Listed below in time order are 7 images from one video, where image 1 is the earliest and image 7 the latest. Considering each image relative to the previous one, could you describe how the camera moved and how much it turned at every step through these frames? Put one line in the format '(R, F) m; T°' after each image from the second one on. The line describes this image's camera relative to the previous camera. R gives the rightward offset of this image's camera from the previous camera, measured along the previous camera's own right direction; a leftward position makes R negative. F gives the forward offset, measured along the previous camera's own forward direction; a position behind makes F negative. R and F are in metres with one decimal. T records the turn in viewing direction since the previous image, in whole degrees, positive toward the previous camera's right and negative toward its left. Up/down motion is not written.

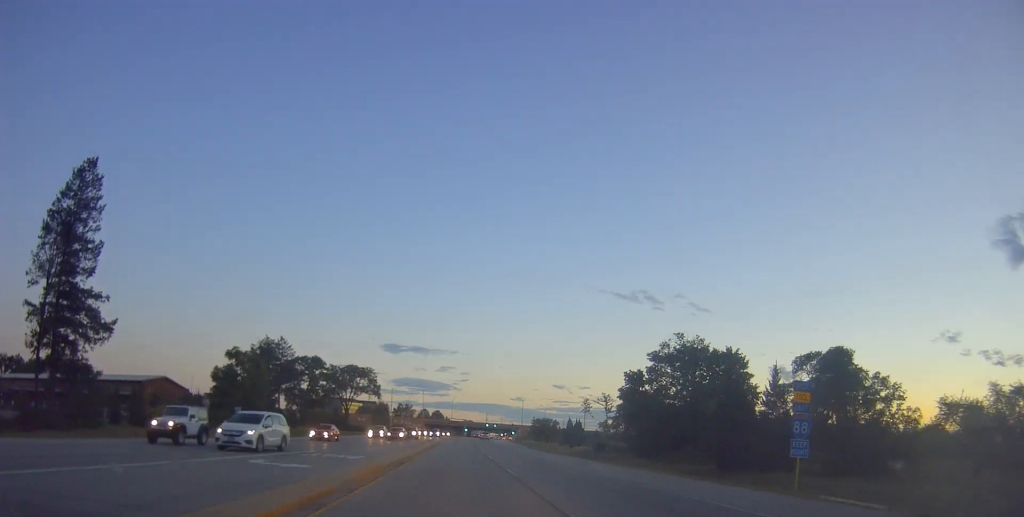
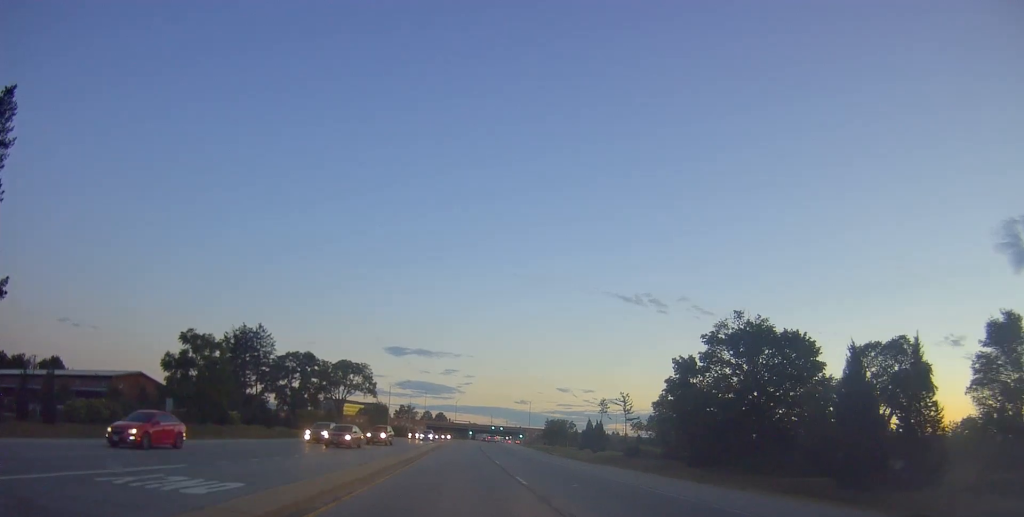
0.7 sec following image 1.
(-0.2, +15.3) m; 0°
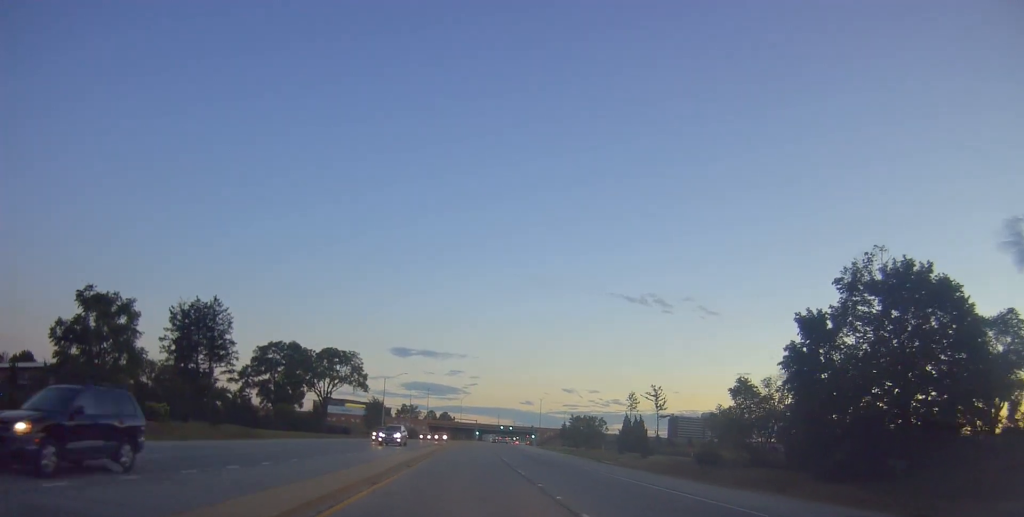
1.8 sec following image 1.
(+0.4, +21.4) m; +1°
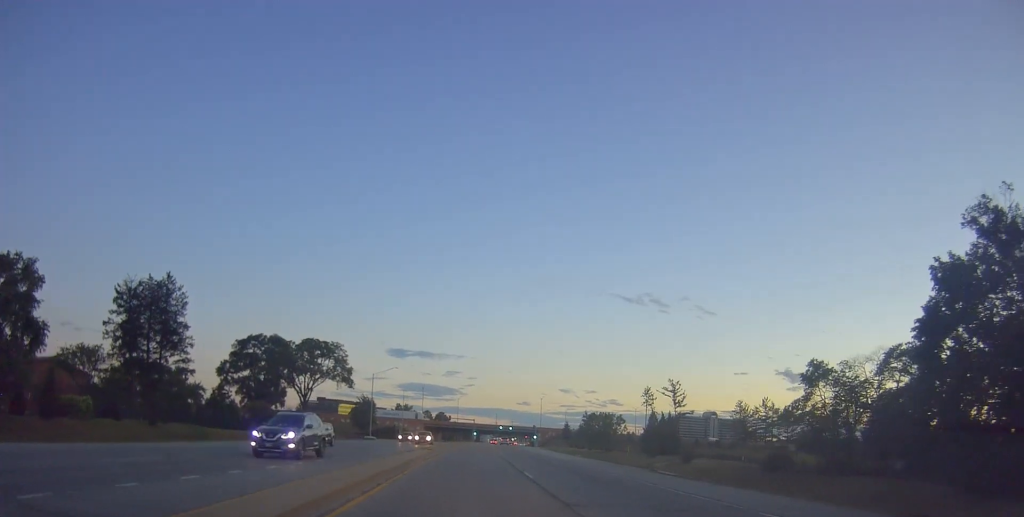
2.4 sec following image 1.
(0.0, +13.4) m; 0°
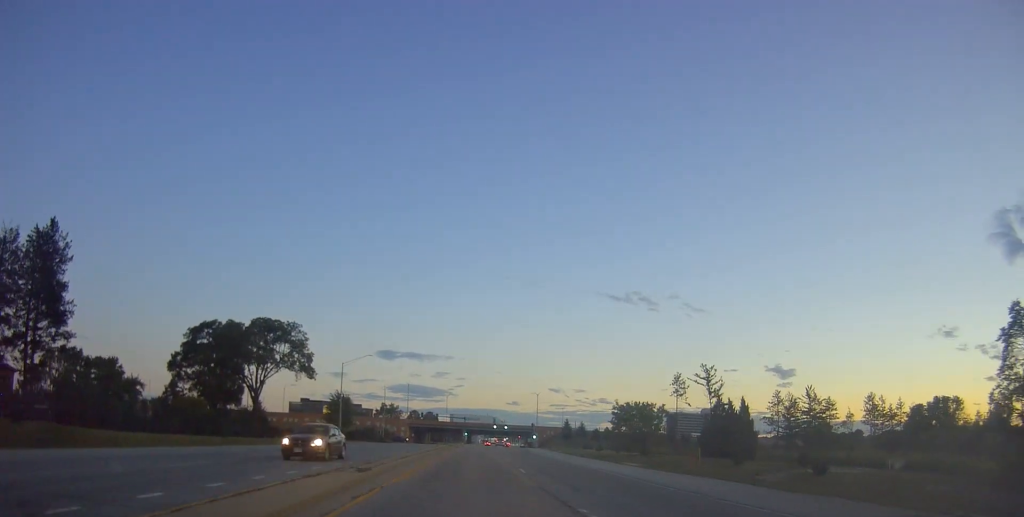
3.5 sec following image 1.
(0.0, +22.1) m; 0°
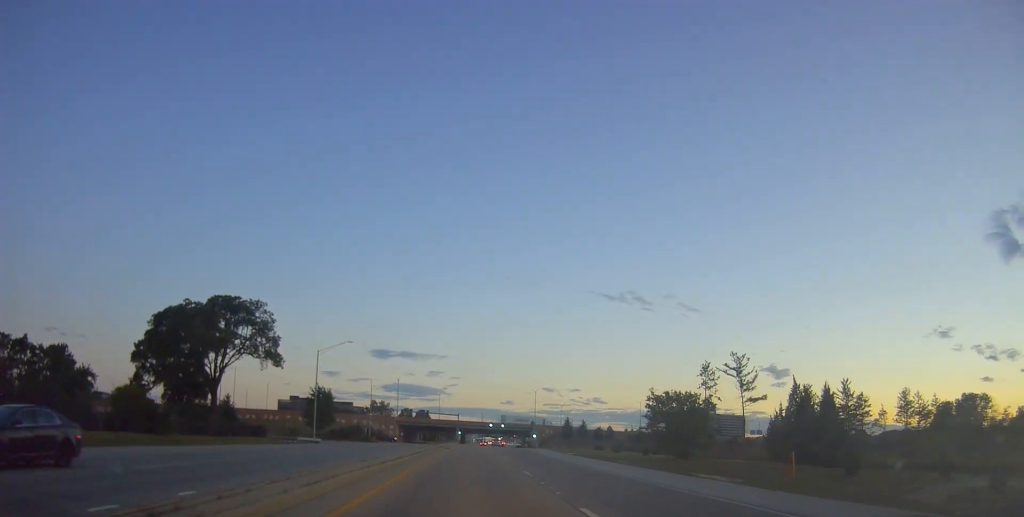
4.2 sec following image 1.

____________________

_Try it_: In the copy, no pictures should appear; the records themselves must be repeated exactly.

_Reply to the task_:
Listed below in time order are 7 images from one video, where image 1 is the earliest and image 7 the latest. Considering each image relative to the previous one, could you describe how the camera moved and how much it turned at every step through these frames? Put one line in the format '(R, F) m; T°' after each image from the second one on. The line describes this image's camera relative to the previous camera. R gives the rightward offset of this image's camera from the previous camera, measured along the previous camera's own right direction; a leftward position makes R negative. F gives the forward offset, measured along the previous camera's own forward direction; a position behind makes F negative. R and F are in metres with one decimal. T records the turn in viewing direction since the previous image, in whole degrees, positive toward the previous camera's right and negative toward its left. Up/down motion is not written.

0.7 sec following image 1.
(-0.2, +15.3) m; 0°
1.8 sec following image 1.
(+0.4, +21.4) m; +1°
2.4 sec following image 1.
(0.0, +13.4) m; 0°
3.5 sec following image 1.
(0.0, +22.1) m; 0°
4.2 sec following image 1.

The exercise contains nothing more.